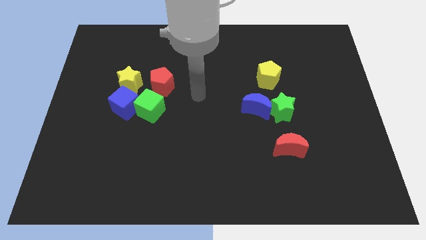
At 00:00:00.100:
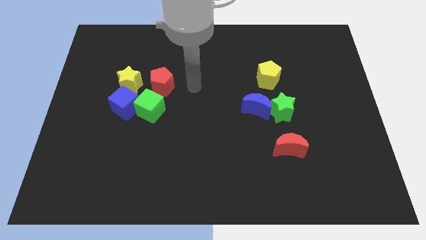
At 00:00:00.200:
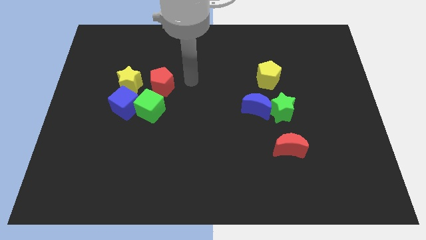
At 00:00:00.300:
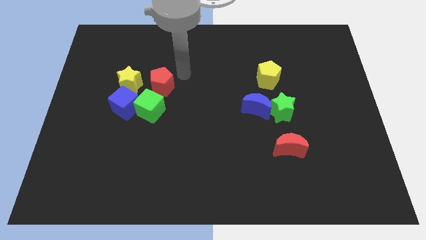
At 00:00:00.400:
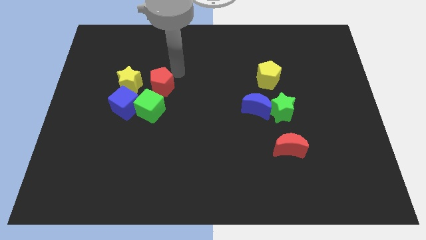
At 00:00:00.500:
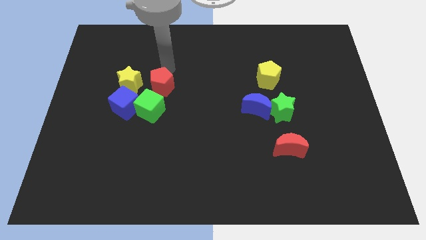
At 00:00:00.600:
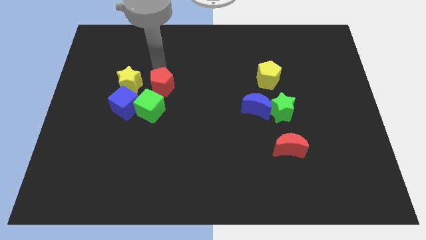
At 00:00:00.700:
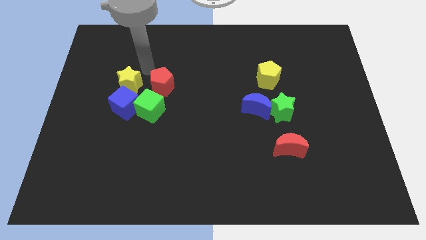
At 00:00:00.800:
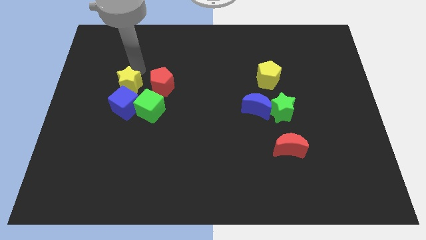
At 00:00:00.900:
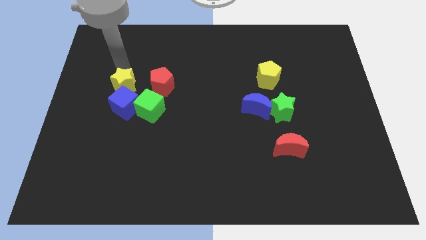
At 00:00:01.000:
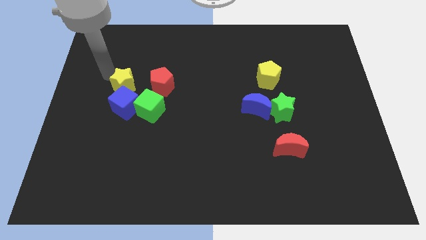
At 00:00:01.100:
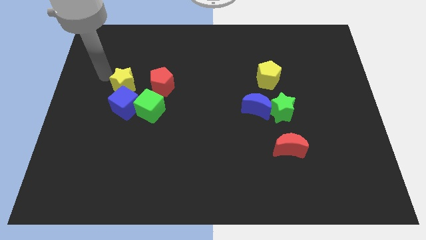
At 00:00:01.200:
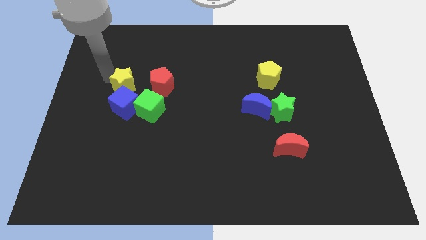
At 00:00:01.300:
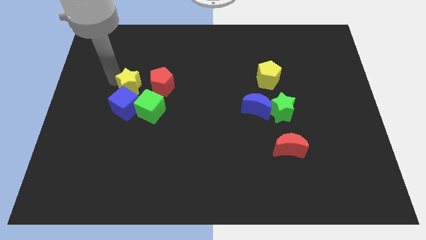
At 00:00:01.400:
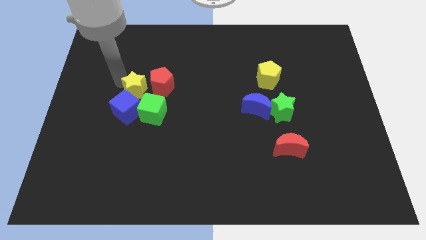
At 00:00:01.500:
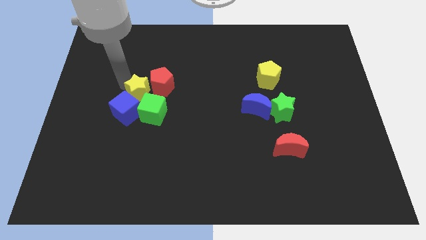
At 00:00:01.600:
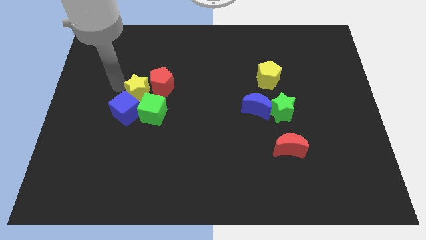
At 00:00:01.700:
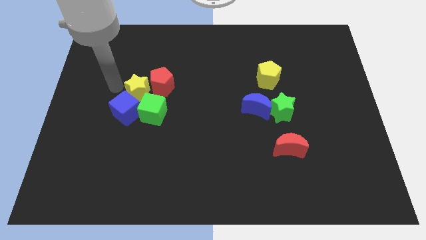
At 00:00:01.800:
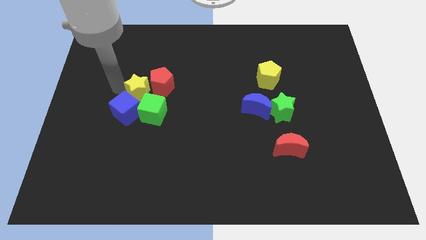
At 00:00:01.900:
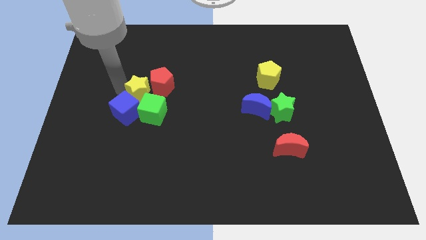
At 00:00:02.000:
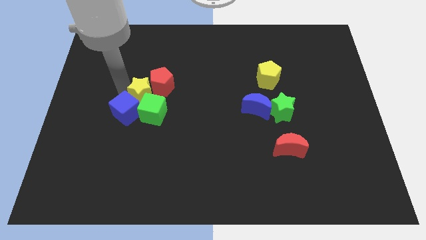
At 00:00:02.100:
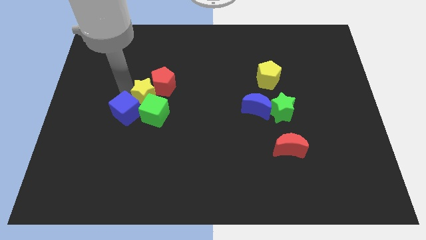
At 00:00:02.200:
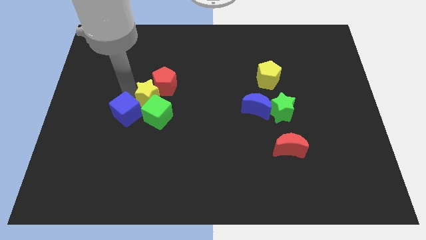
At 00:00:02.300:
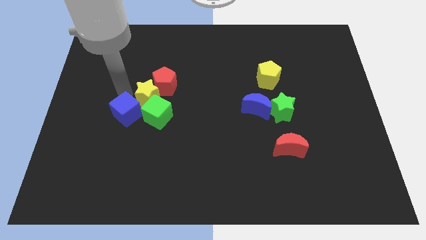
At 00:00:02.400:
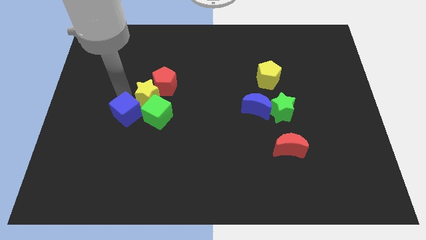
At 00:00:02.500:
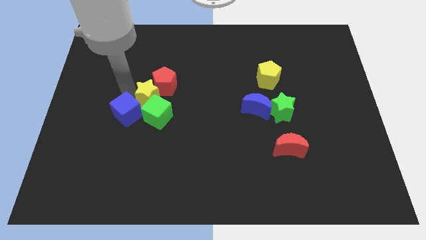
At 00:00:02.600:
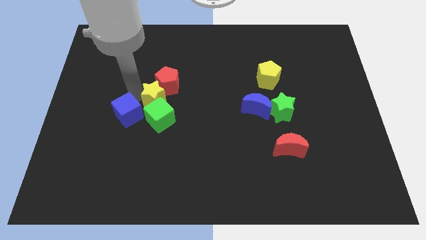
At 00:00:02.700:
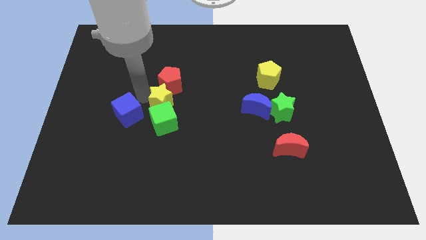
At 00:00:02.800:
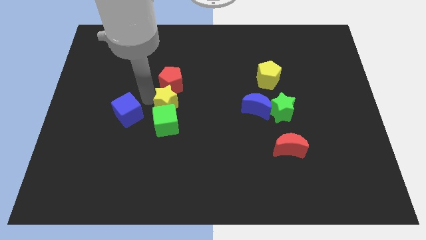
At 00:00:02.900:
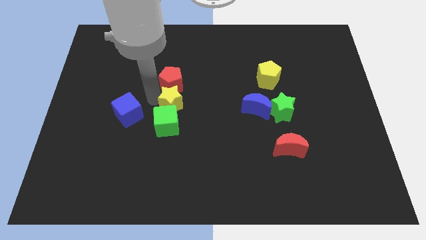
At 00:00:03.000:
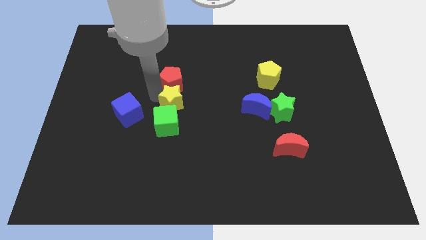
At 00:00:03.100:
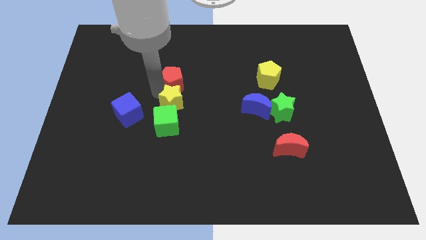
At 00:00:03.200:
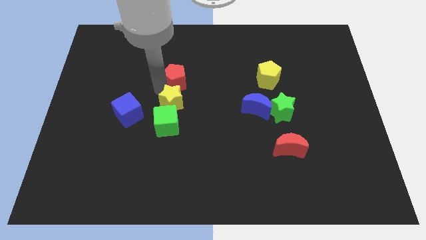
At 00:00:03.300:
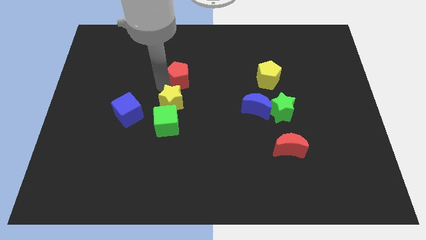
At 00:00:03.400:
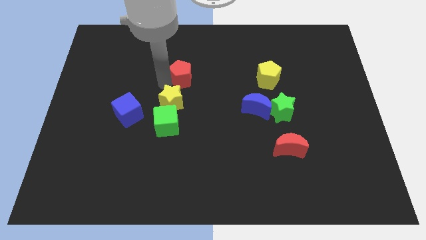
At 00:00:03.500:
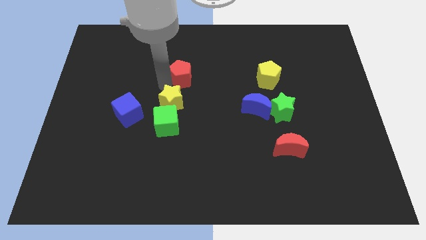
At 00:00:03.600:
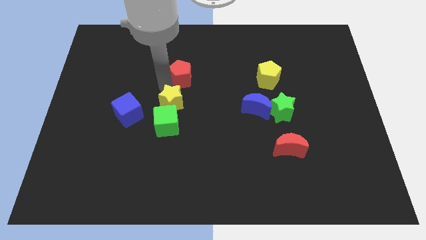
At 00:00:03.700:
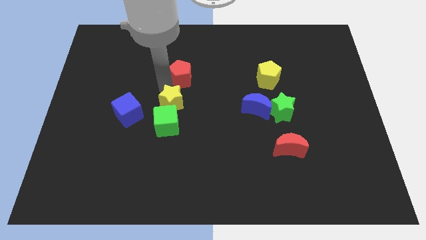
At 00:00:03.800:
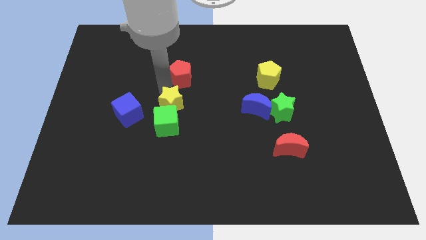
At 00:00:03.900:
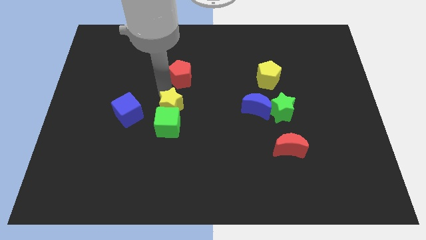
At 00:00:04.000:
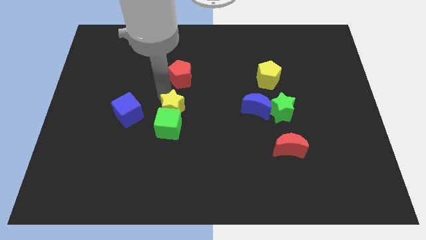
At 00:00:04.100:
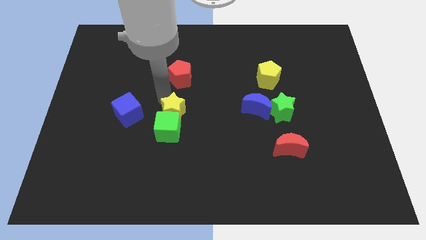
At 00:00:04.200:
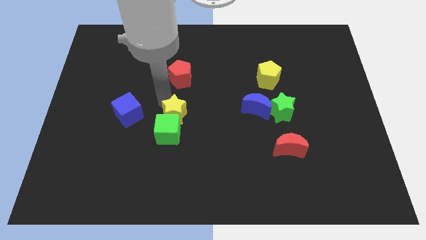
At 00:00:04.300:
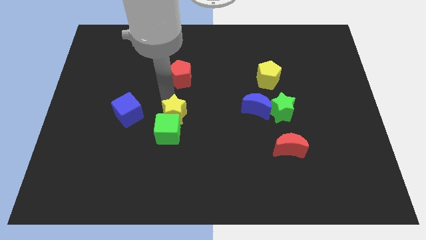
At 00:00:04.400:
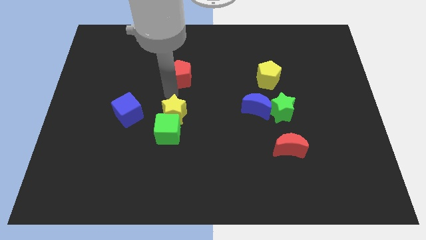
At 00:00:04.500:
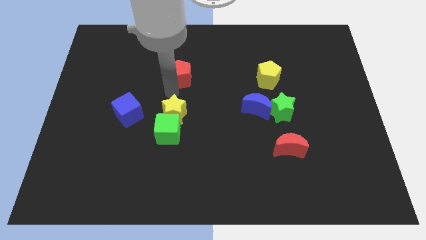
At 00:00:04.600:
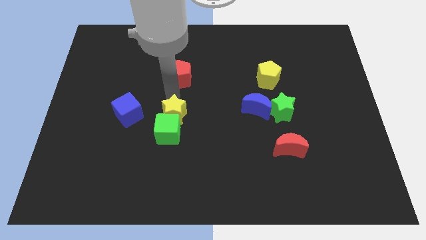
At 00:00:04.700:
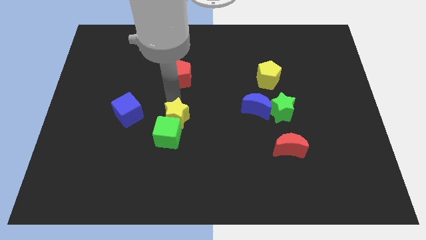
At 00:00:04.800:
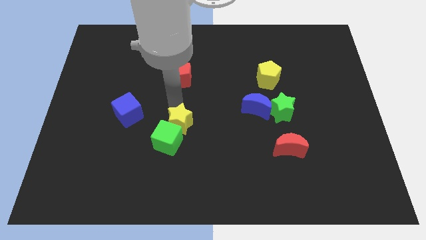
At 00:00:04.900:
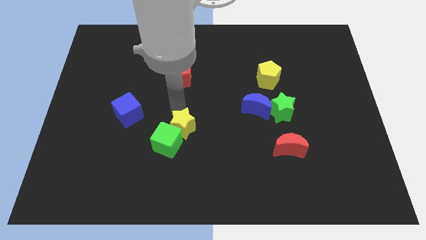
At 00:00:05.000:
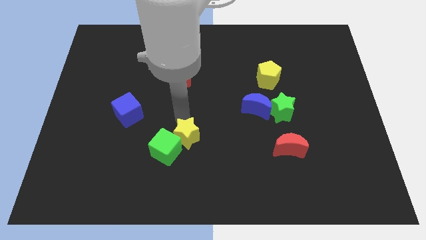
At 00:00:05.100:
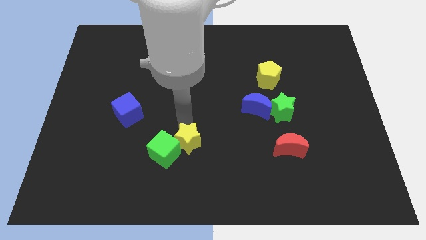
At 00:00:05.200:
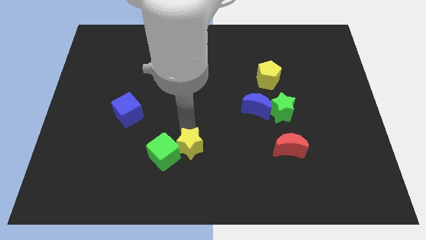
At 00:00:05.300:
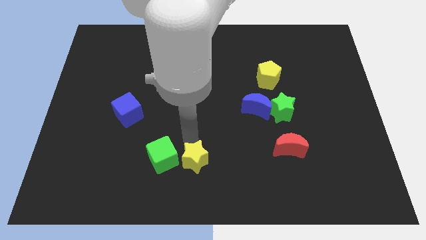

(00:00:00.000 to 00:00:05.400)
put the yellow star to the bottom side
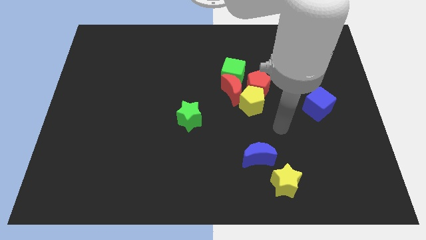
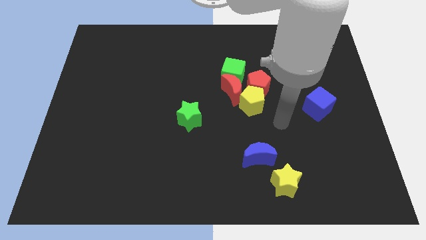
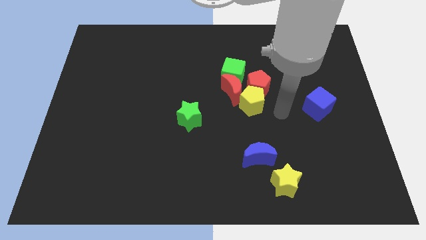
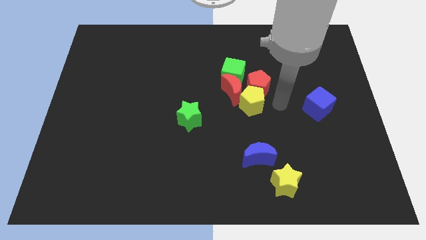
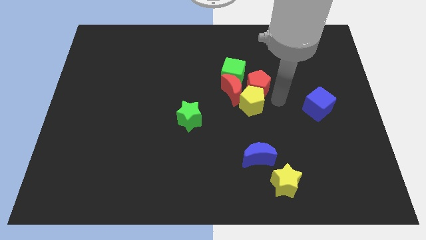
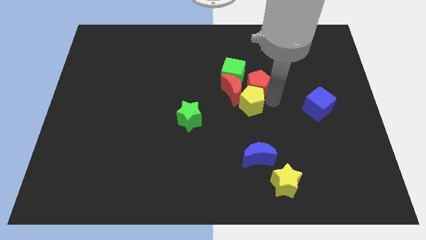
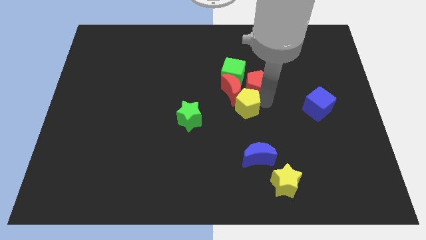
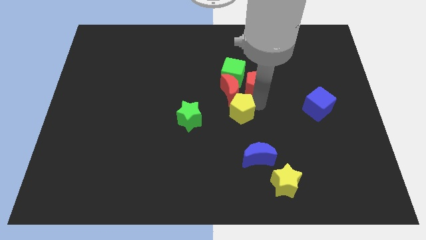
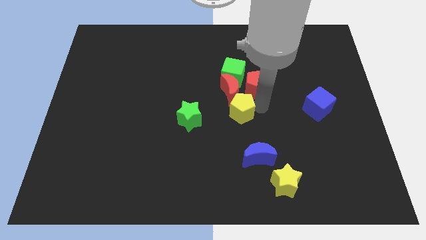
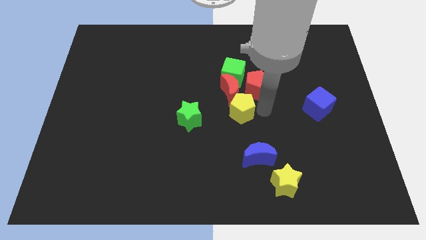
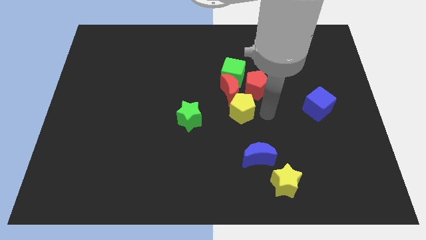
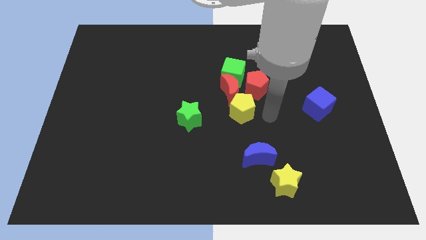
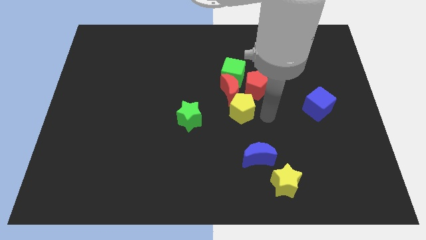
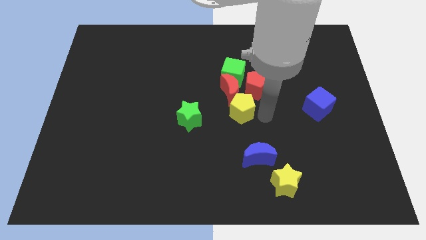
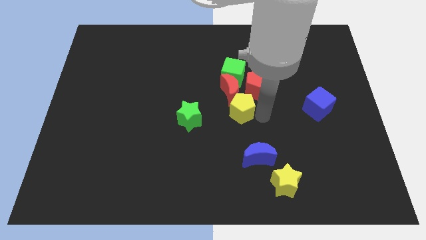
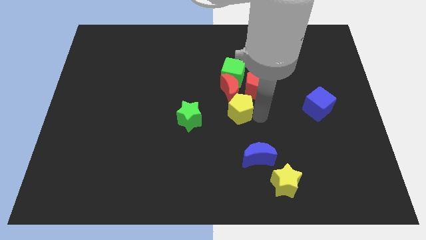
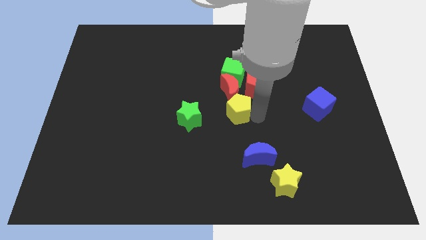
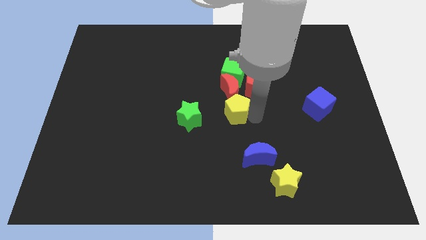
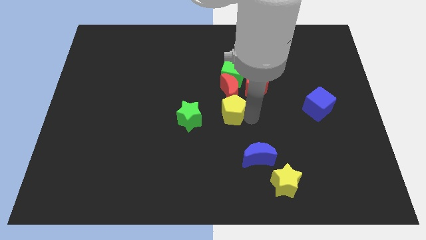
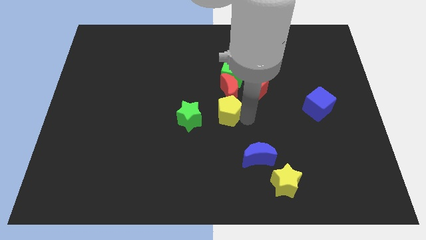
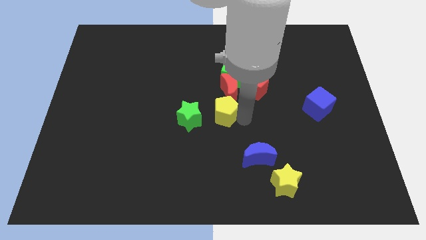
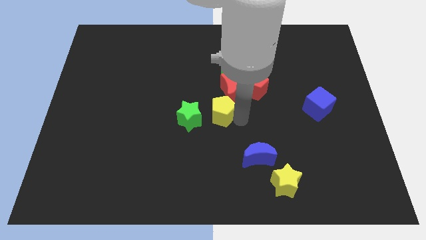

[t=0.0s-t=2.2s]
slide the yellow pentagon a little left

◆ ◆ ◆

● ASSIGNMENT:
Go through the entries above and output them exactly, without pictures.

● ANSWER TO THE PROBLEM:
At 00:00:00.100:
At 00:00:00.200:
At 00:00:00.300:
At 00:00:00.400:
At 00:00:00.500:
At 00:00:00.600:
At 00:00:00.700:
At 00:00:00.800:
At 00:00:00.900:
At 00:00:01.000:
At 00:00:01.100:
At 00:00:01.200:
At 00:00:01.300:
At 00:00:01.400:
At 00:00:01.500:
At 00:00:01.600:
At 00:00:01.700:
At 00:00:01.800:
At 00:00:01.900:
At 00:00:02.000:
At 00:00:02.100:
At 00:00:02.200:
At 00:00:02.300:
At 00:00:02.400:
At 00:00:02.500:
At 00:00:02.600:
At 00:00:02.700:
At 00:00:02.800:
At 00:00:02.900:
At 00:00:03.000:
At 00:00:03.100:
At 00:00:03.200:
At 00:00:03.300:
At 00:00:03.400:
At 00:00:03.500:
At 00:00:03.600:
At 00:00:03.700:
At 00:00:03.800:
At 00:00:03.900:
At 00:00:04.000:
At 00:00:04.100:
At 00:00:04.200:
At 00:00:04.300:
At 00:00:04.400:
At 00:00:04.500:
At 00:00:04.600:
At 00:00:04.700:
At 00:00:04.800:
At 00:00:04.900:
At 00:00:05.000:
At 00:00:05.100:
At 00:00:05.200:
At 00:00:05.300:

(00:00:00.000 to 00:00:05.400)
put the yellow star to the bottom side

[t=0.0s-t=2.2s]
slide the yellow pentagon a little left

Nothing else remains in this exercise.